Friday, September 24, 2021

This week's interesting finds

Some profitable companies would still pay no taxes under Democrats’ plan

The Democratic proposal approved this month by the House Ways and Means Committee would sharply raise taxes on U.S. corporations, and business groups are working hard to defeat it. The legislation would increase the top corporate tax rate to 26.5% from 21%, and remove many benefits of booking profits in low-tax foreign countries.

The bill, however, doesn’t touch the main reasons why profitable companies sometimes don’t pay taxes, including accelerated depreciation of investments and tax credits for activities such as research and development.

The legislation also expands tax credits for clean energy and low-income housing in ways that could allow some companies to move from paying little to paying nothing.

The bill moving through Congress represents an explicit choice by Democrats to tolerate some zero-tax companies and steer tax advantages to companies that engage in favoured activities.

 


To a man with a hammer, every problem looks like a nail. To the Federal Reserve, every problem is met with more liquidity. Unfortunately, the Fed has little control of where this liquidity goes. First, it went into equity markets, fueling an outright equity bubble. Then it overflowed into private equity and venture capital, creating demons there as well. Then it overflowed into “meme stonks” Not satisfied with the damage wrought on the financial economy, liquidity began overflowing into the real economy. There’s currently an epic housing bubble that’s leading to increasing wealth inequality and polarization.

Now, this liquidity is overflowing into the everyday economy—assuming you can even find the item you seek. In the past, only hard money zealots complained about the gradual creep of inflation—today, everyone feels it and has their own story. Everyone is painfully aware that inflation is present and likely to stay.

Could the bubble in duration assets (like high-multiple tech and Ponzi) finally be over? Could the bubble in inflation assets just be starting? Could the unwind of both historic extremes be unusually violent, as so much of the world’s capital is leaning the wrong direction? 

Climate change ETFs found to be undermining war on global warming

Climate-focused investment funds are undermining the fight against global warming by routinely engaging in greenwashing, academic research suggests. Worse still, these ETFs keep capital away from sectors that are actually at the heart of the transition to a cleaner economy.

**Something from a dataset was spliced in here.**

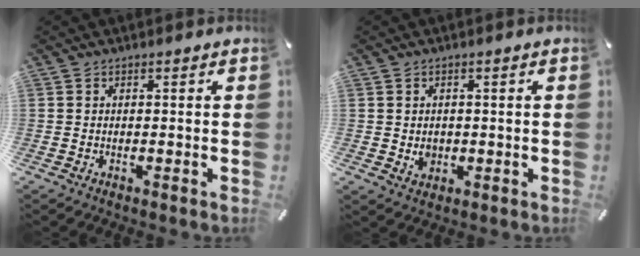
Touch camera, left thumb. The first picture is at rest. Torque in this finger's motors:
{"motor_torque": [-0.01, 0.01, 0.13, 0.08, 0.00]}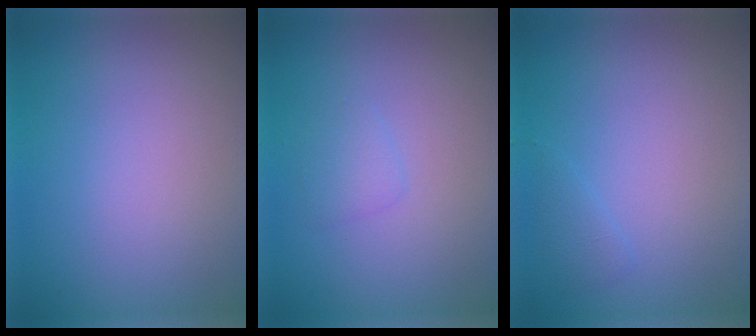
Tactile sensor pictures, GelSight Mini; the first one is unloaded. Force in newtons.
{"total": 1.1, "press": 1.1, "slide": 0.0}
{"total": 0.9, "press": 0.9, "slide": 0.1}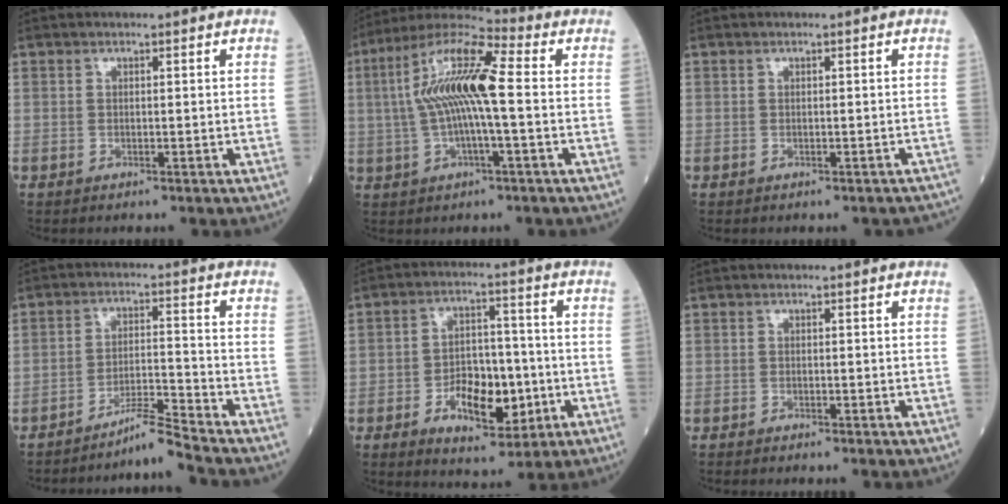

“Since considerable investment is necessary to ensure electrification of the economy and decarbonisation of electricity, underfunding of this sector in climate-aligned benchmarks, which can correspond to a reduction in capital allocation of up to 91 per cent, would constitute the most dangerous form of portfolio greenwashing,” said Felix Goltz, co-author of Doing Good or Feeling Good? Detecting Greenwashing in Climate Investing.

“The key issue is not how to restrict investment in these industries, but rather, how to make sure that these industries invest in technology that allows them to produce needed goods and services with minimum release of greenhouse gases,” he argued.

The findings come as investors have poured money into funds that claim to improve the world. The assets of self-proclaimed “sustainable” funds tripled between the end of 2018 and mid-2021 to $2.3 trillion, according to data from Morningstar.



Belize leans on coral reefs to drive bargain with bondholders

Belize is inching towards a deal with international bondholders after admitting it cannot afford to pay back its debt, and is counting on an unusual asset to help: its coral reefs.

Earlier this month the Caribbean nation, with its tourism-heavy economy ravaged by the pandemic, agreed to buy back its only international bond from investors at a huge discount, using cash lent by the Nature Conservancy, a US-based environmental group. As part of the deal, Belize will pre-fund a $23.4m endowment to support marine conservation projects on its coastline, home to the world’s second-largest barrier reef

If Belize can achieve the approval it needs on this $530 million bond, the country could secure the first green-tinged debt restructuring, capitalizing on the hunger among big fund managers to demonstrate their commitment to environmental, social and governance-driven investing.

Investors and advisers believe the agreement could serve as a template for future restructuring talks, in which cash-strapped nations use the promise of environmental conservation to drive a harder bargain — in effect creating a mechanism for investors in rich countries to pay poorer nations to protect the natural world.

Podcast: Dan Wang explains what China's tech crackdown is really all about

Over the last several months, Chinese authorities have undertaken a sweeping campaign of change. We've seen crackdowns on big tech and fintech companies (like Ant Financial and Didi), online education companies, and now even the playing of video games. Investors in key sectors have been clobbered by these new rules.  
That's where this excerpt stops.